11.17.2014 03:47 PM

In Tuesday’s Sun: by-elections don’t matter, except when they do

Everyone knows that (a) election outcomes are notoriously difficult to predict, these days, and that (b) by-election outcomes don’t mean much, if anything.

However, those caveats aside, let’s have some fun and (a) recklessly predict some election outcomes and (b) rashly suggest that yesterday’s Whitby-Oshawa by-election – and the one in Yellowhead – portend big, big changes.

The one in Whitby-Oshawa by-election, for starters. Whoever actually won the thing – and, at press time, that crucial bit of information remained stubbornly elusive – one thing is for certain: the Conservatives and the New Democrats lost it.

Whitby-Oshawa, you see, was the riding held for many years by former Finance Minister Jim Flaherty. Provincially, the riding is held by Flaherty’s widow, Christine Elliott.

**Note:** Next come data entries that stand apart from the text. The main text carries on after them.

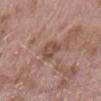This lesion was catalogued during total-body skin photography and was not selected for biopsy. A male subject, aged around 55. A 15 mm close-up extracted from a 3D total-body photography capture. The lesion's longest dimension is about 2.5 mm. This is a white-light tile. On the back.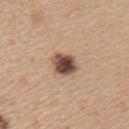Findings:
• tile lighting — white-light illumination
• lesion size — ~3.5 mm (longest diameter)
• anatomic site — the upper back
• subject — female, approximately 45 years of age
• imaging modality — 15 mm crop, total-body photography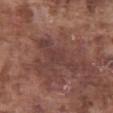Clinical impression: This lesion was catalogued during total-body skin photography and was not selected for biopsy. Background: The recorded lesion diameter is about 6.5 mm. A male patient in their mid-70s. Cropped from a whole-body photographic skin survey; the tile spans about 15 mm. An algorithmic analysis of the crop reported a lesion area of about 10 mm², an outline eccentricity of about 0.95 (0 = round, 1 = elongated), and two-axis asymmetry of about 0.45. And it measured a classifier nevus-likeness of about 0/100. On the abdomen. This is a white-light tile.

Flaherty died suddenly in April. At the time, Prime Minister Stephen Harper said it was a “terrible shock,” and it was. At the time, nobody could conceive, seven months hence, that the Conservatives would be contemplating actually losing the Flaherty stronghold.

But, at press time Monday night, they were. For Conservatives, Whitby-Oshawa had become a nightmare.

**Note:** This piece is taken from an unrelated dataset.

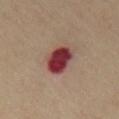Clinical impression: This lesion was catalogued during total-body skin photography and was not selected for biopsy. Context: The subject is a male roughly 55 years of age. Approximately 4.5 mm at its widest. Located on the chest. This image is a 15 mm lesion crop taken from a total-body photograph.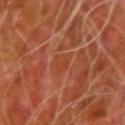notes: imaged on a skin check; not biopsied | tile lighting: cross-polarized | diameter: ≈2.5 mm | automated metrics: an area of roughly 4.5 mm², an outline eccentricity of about 0.75 (0 = round, 1 = elongated), and two-axis asymmetry of about 0.3; an average lesion color of about L≈33 a*≈24 b*≈28 (CIELAB) and roughly 4 lightness units darker than nearby skin; a classifier nevus-likeness of about 0/100 | site: the left upper arm | patient: male, aged 78 to 82 | image: 15 mm crop, total-body photography.

Consider the numbers. In 2006, Flaherty beat the much-liked Liberal incumbent handily, 44 to 39 per cent. In 2008, Flaherty improved his standing, pulling in double the vote of the Liberal challenger – 50 to 25 per cent. And, in 2011, he did even better – stealing 58 per cent of the popular vote in the riding, while his nearest challenger cobbled together only 22 per cent.

Oh, and his nearest challenger wasn’t a Liberal. It was a New Democrat. The Liberals finished third that year, capturing only 14 per cent of the votes. Ouch.

What a difference three years and a new leader make! On the eve of the by-election, public opinion surveys were showing a double-digit plummet in the Harper Conservatives’ popularity in Ontario. One poll, conducted six days before the by-election, actually placed the Liberal and Conservative candidates in Whitby-Oshawa in a dead heat – and the New Democrat, who came second in 2011, in a distant third place.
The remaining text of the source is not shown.